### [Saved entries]
═══
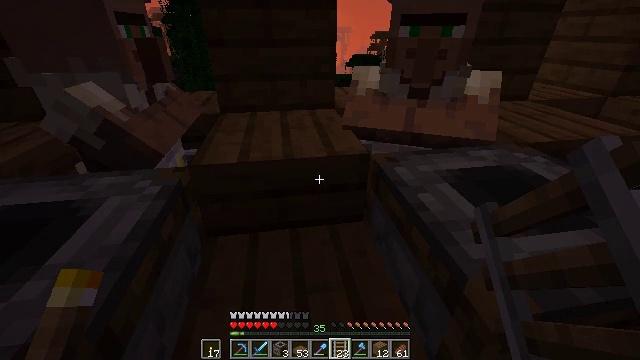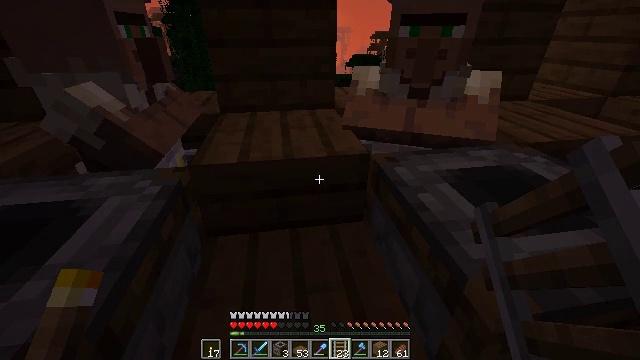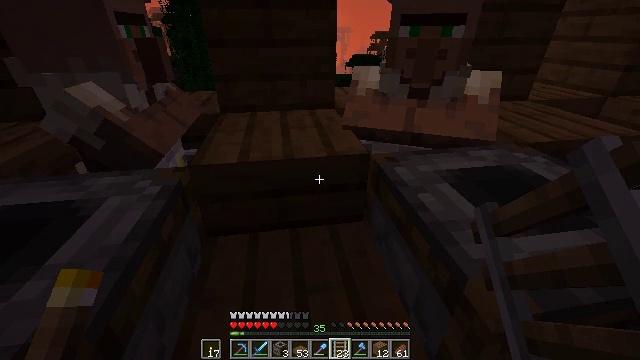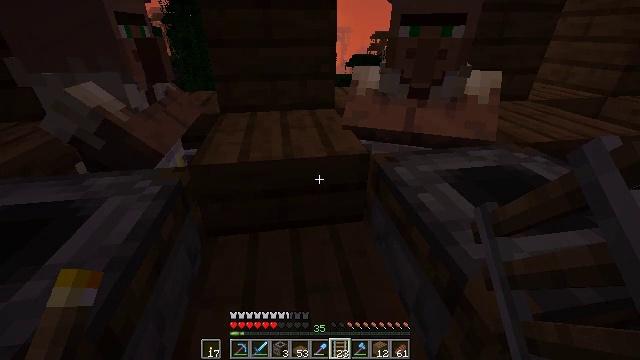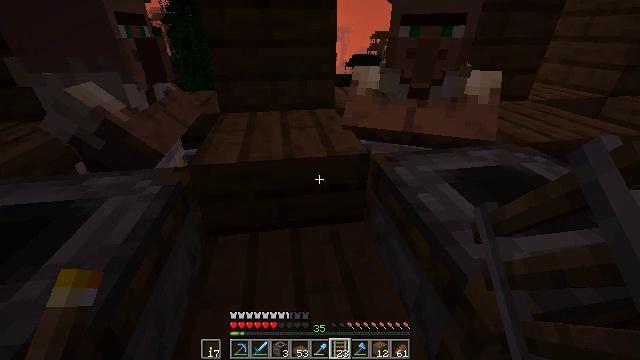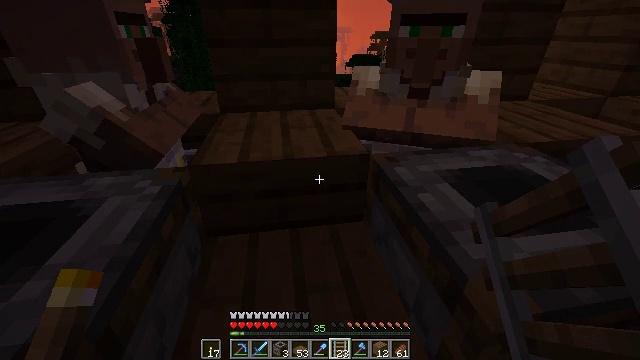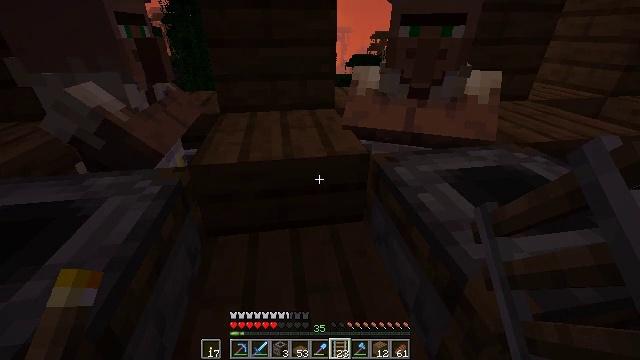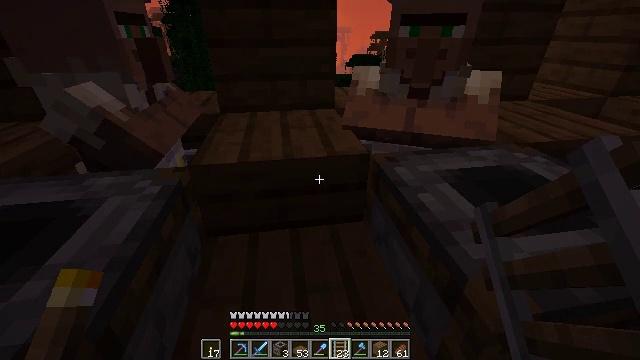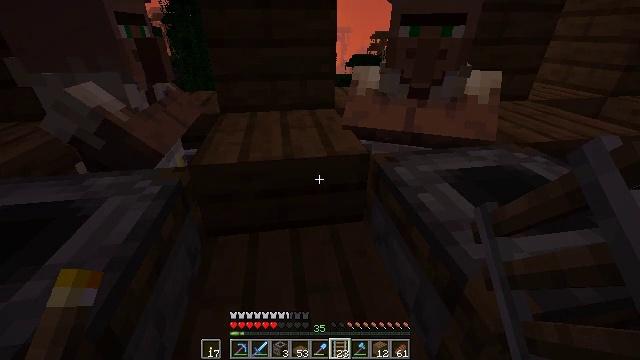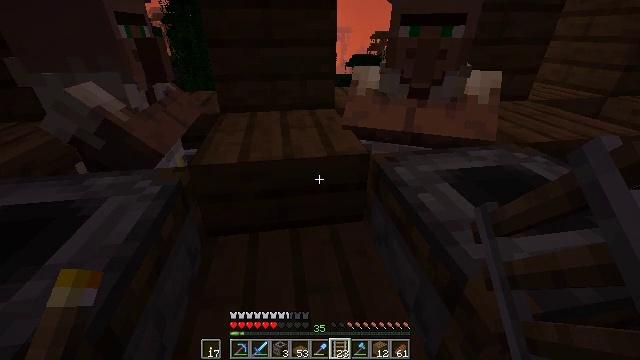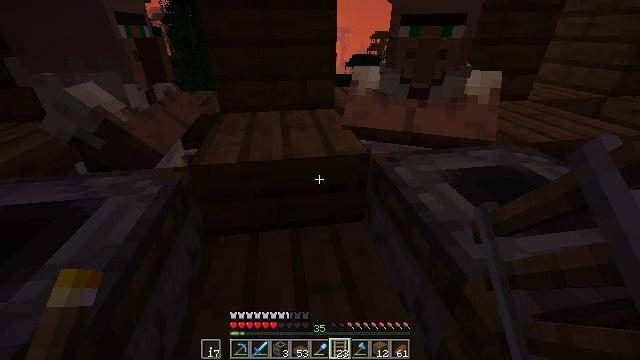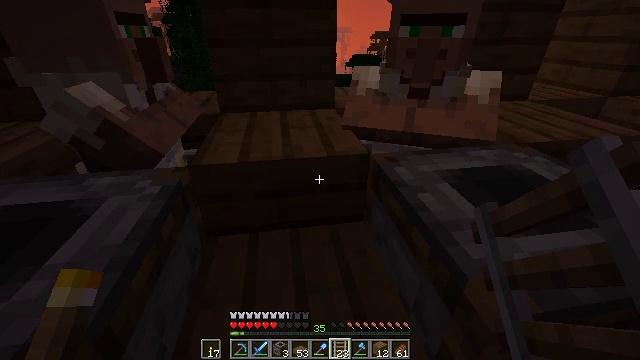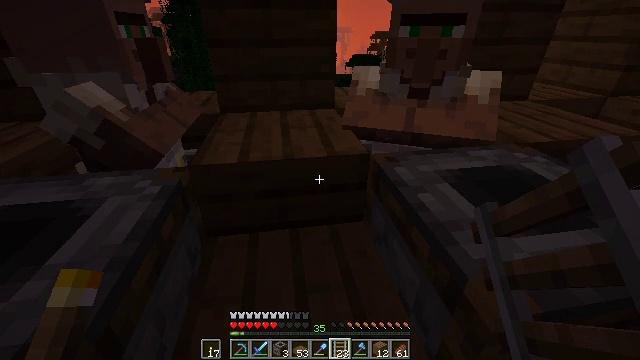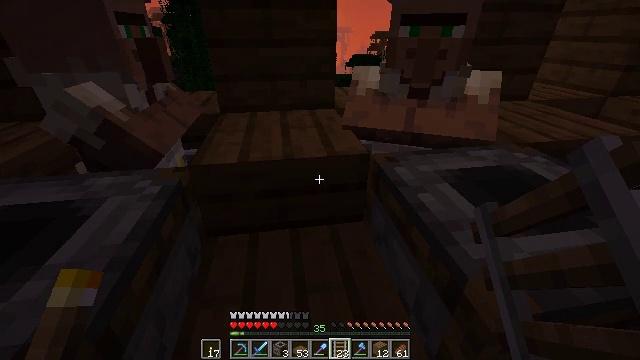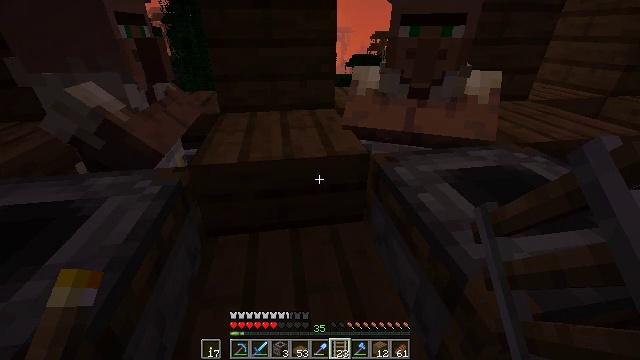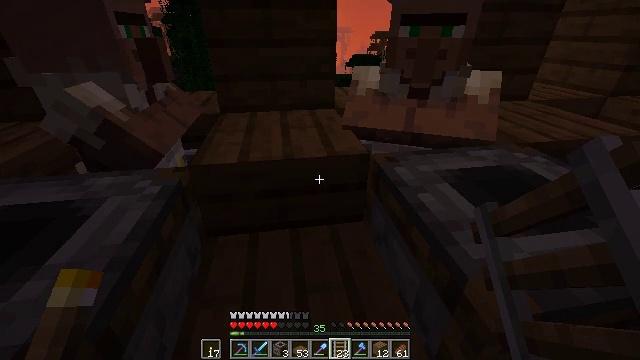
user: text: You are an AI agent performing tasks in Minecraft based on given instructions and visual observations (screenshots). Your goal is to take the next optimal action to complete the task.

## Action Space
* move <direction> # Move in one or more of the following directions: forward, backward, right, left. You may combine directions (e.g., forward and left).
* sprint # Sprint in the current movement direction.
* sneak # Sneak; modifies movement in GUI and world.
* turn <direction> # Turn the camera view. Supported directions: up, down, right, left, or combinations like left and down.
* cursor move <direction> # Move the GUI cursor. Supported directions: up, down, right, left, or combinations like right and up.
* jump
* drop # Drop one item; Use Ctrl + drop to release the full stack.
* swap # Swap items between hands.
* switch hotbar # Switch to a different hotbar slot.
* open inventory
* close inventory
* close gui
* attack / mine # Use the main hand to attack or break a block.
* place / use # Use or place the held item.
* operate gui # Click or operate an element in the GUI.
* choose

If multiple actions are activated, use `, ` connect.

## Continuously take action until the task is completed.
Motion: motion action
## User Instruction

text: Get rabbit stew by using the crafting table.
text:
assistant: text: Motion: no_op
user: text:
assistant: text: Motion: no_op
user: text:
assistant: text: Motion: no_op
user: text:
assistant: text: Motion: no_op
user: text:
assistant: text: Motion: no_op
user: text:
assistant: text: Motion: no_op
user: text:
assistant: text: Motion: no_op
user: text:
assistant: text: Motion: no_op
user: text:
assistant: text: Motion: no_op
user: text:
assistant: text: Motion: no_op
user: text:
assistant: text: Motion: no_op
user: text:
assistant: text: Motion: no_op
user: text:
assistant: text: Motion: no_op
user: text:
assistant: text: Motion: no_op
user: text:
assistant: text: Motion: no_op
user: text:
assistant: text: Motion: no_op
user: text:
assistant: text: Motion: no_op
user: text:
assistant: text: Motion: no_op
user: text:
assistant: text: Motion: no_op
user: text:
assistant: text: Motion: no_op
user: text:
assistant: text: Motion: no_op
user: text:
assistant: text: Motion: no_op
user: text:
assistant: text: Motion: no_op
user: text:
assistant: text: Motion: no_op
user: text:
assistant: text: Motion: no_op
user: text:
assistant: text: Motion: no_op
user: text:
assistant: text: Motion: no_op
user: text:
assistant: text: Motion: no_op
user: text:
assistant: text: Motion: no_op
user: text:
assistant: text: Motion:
═══
From the first line of the entries above through the line with "GUI and world.", set down each line exactly and drop the pictures.

user: text: You are an AI agent performing tasks in Minecraft based on given instructions and visual observations (screenshots). Your goal is to take the next optimal action to complete the task.

## Action Space
* move <direction> # Move in one or more of the following directions: forward, backward, right, left. You may combine directions (e.g., forward and left).
* sprint # Sprint in the current movement direction.
* sneak # Sneak; modifies movement in GUI and world.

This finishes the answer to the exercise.